- Relator(a)
- Liana Chaib
- Órgão julgador
- 2ª Turma
- Data do julgamento
- 05/06/2024
- Data de publicação
- 07/06/2024
TST – Agravo Interno 1000099-64.2020.5.02.0391, Rel. Liana Chaib, 2ª Turma, j. 05/06/2024, p. 07/06/2024
EMENTA: AGRAVO INTERNO. AGRAVO DE INSTRUMENTO. RECURSO DE REVISTA. INTERPOSIÇÃO SOB A ÉGIDE DA LEI Nº 13.467/2017. HORAS EXTRAS - ÔNUS DA PROVA - CARTÕES DE PONTO COM HORÁRIOS DE ENTRADA E SAÍDA UNIFORMES . A Corte Regional consignou, com fundamento na Súmula nº 338, item III, do TST, que o ônus da prova relativo às horas extras era da reclamada, tendo em vista a apresentação de controles de ponto com horários eminentemente uniformes. Registrou, ainda, a Corte Regional que " (...) as anotações dos controles de ponto destoam do depoimento da primeira reclamada, no sentido de que o reclamante trabalhava das 08:00 às 18:00 horas, de segunda a quinta-feira, e das 08:00 às 17:00 às sextas-feiras (ID. 864de98 - Pág. 2) ", bem como que os horários de trabalho não eram anotados corretamente, o que "(...) foi confirmado pela testemunha José Dantas Fonseca, trazida a juízo pelo reclamante (ID. 864de98 - Pág. 3).

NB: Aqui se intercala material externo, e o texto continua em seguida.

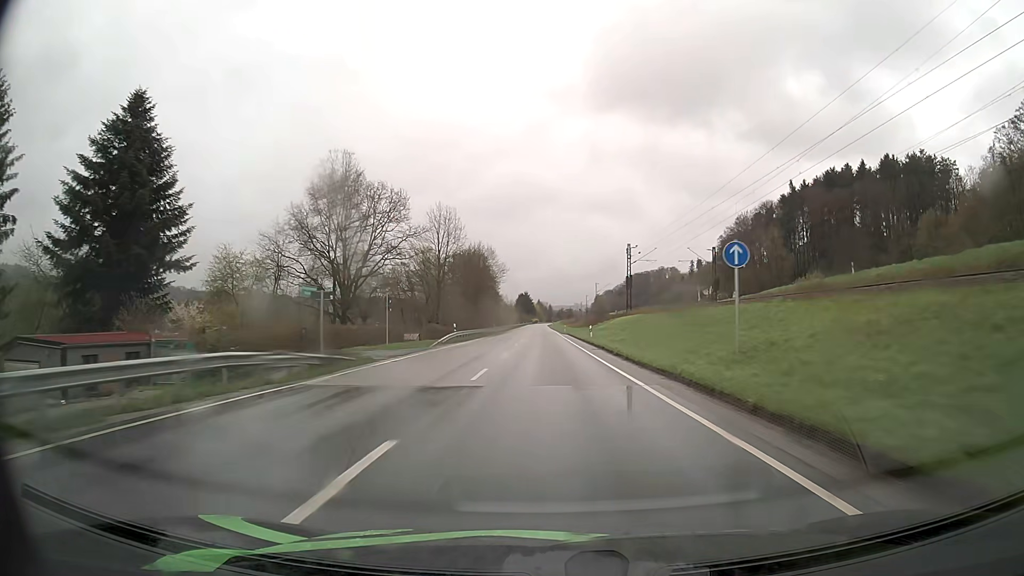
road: primary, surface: asphalt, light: Day
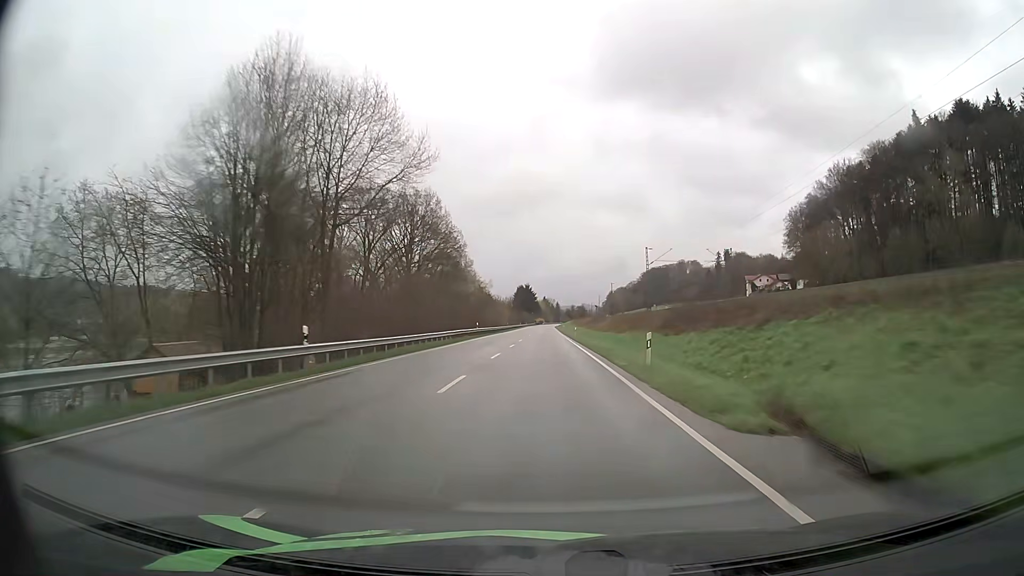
(-0.3, +76.9) m; -1°
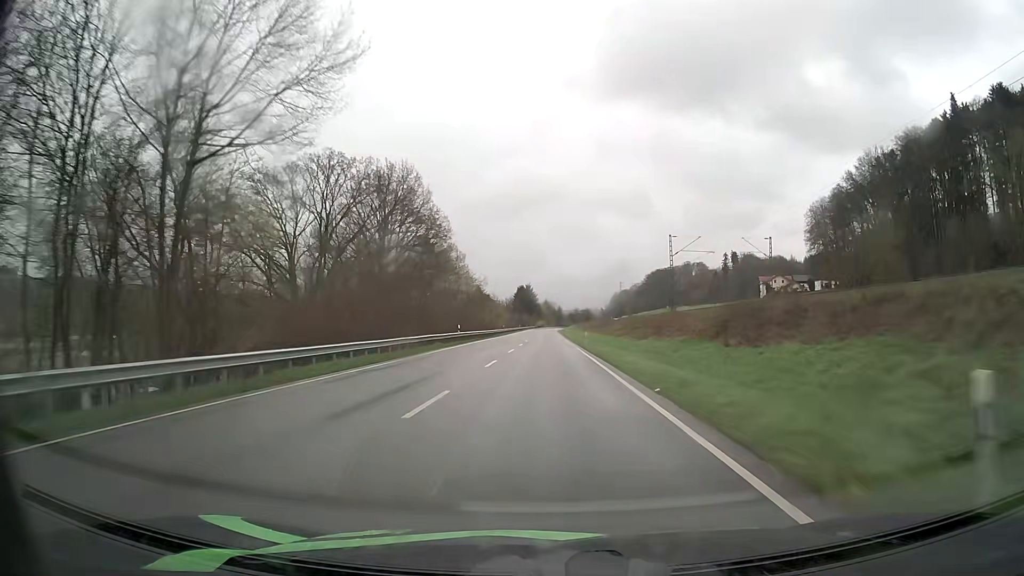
(0.0, +15.6) m; 0°
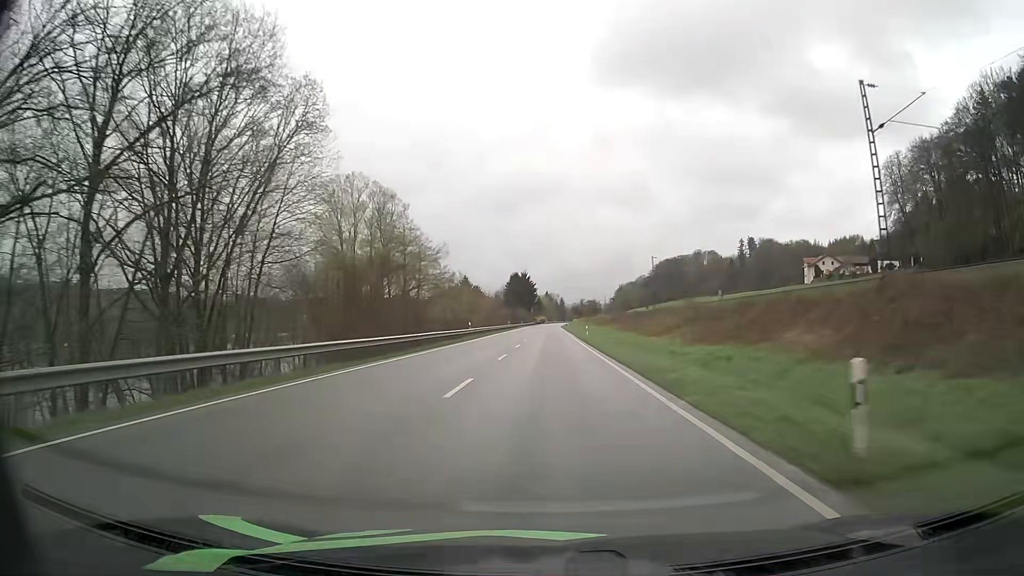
(-0.1, +46.9) m; 0°
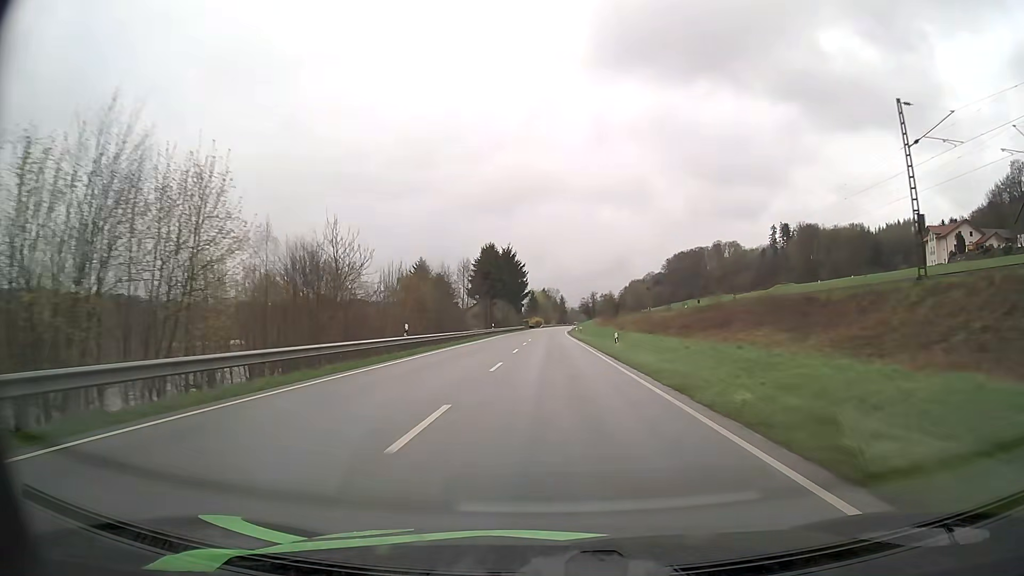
(0.0, +78.6) m; 0°
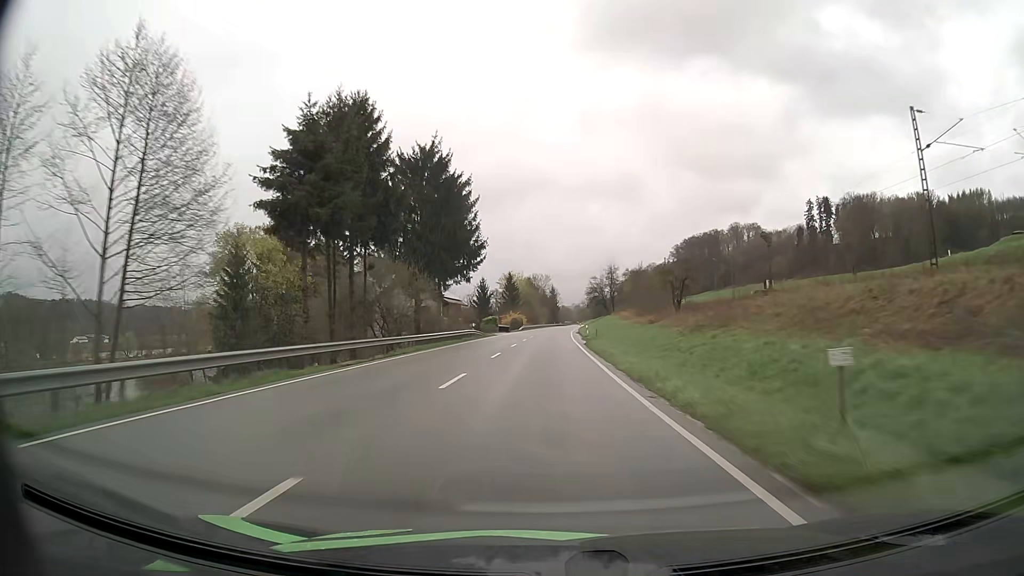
(+0.5, +79.2) m; +1°
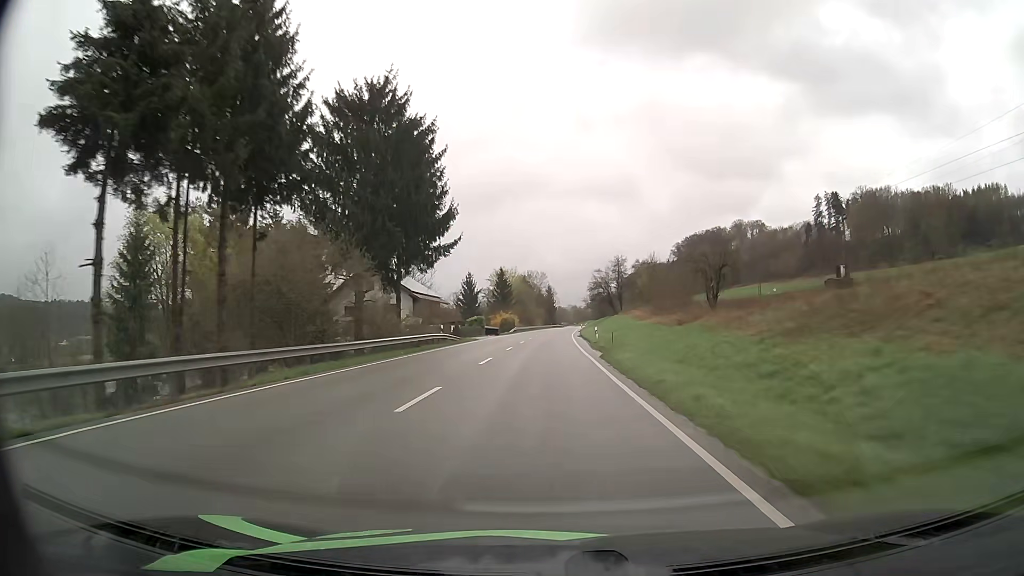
(0.0, +16.0) m; 0°
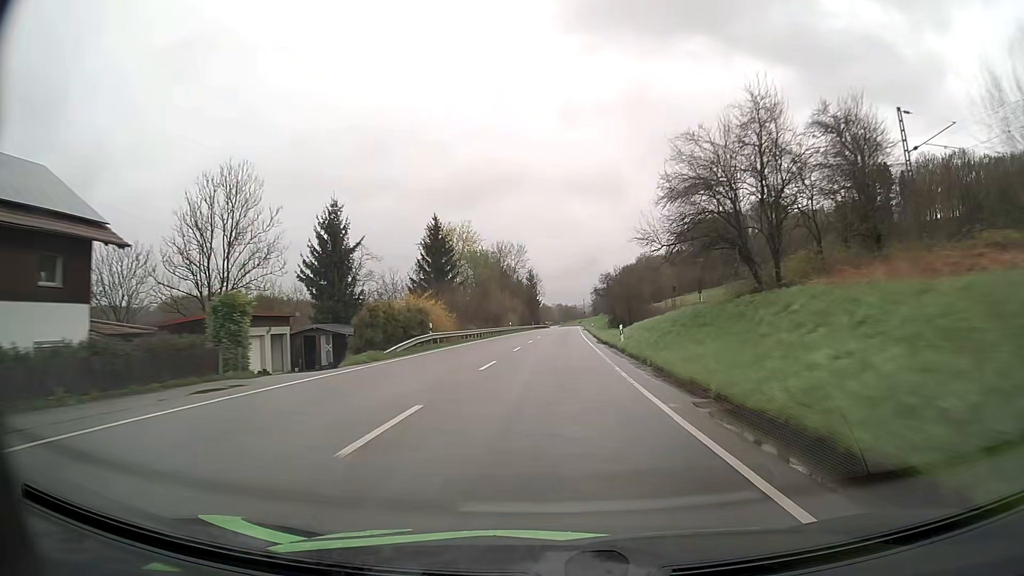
(+0.5, +64.8) m; +1°
(0, +10) (0, +20) (0, +30) (0, +40) (+1, +50) (+1, +60) (+1, +70) (+2, +80) (+2, +90) (+3, +100) m

Seu depoimento prevalece sobre aquele prestado pela testemunha da defesa, Wandych Junior Vilela, cuja afirmação de que o reclamante nunca fazia hora extra durante a semana contraria a alegação da própria empregadora, supratranscrita, bem como o registro de ponto sob ID. b8b8cd6 - Pág. 29" . Nesse passo, para se chegar à conclusão que quer a reclamada no sentido de que "(...) inexistiu comprovação da realização de horas extras, e o Reclamante não produziu qualquer prova do direito postulado" , necessário seria o reexame do conjunto fático-probatório dos autos, procedimento vedado em sede de recurso de revista pela Súmula nº 126 do TST. Registre-se, ainda, que, conforme o item III da Súmula nº 338 desta Corte Superior, os cartões de ponto com horários de entrada e saída uniformes são inválidos como meio de prova, invertendo-se o ônus da prova quanto às horas extras, que passa a ser do empregador. Assim, tendo a reclamada apresentado cartões de ponto com entrada e saída uniformes, cabia a ela - a reclamada - o ônus de demonstrar a regularidade no pagamento das horas extras, ônus do qual não conseguiu se desincumbir. Desse modo, estando a decisão recorrida em conformidade com o referido entendimento, adota-se o teor restritivo do artigo 896, § 7º, da CLT e da Súmula 333 do TST. Agravo interno a que se nega provimento . (Tribunal Superior do Trabalho (2ª Turma). Acórdão: 1000099-64.2020.5.02.0391. Relator(a): LIANA CHAIB. Data de julgamento: 05/06/2024. Juntado aos autos em 07/06/2024.)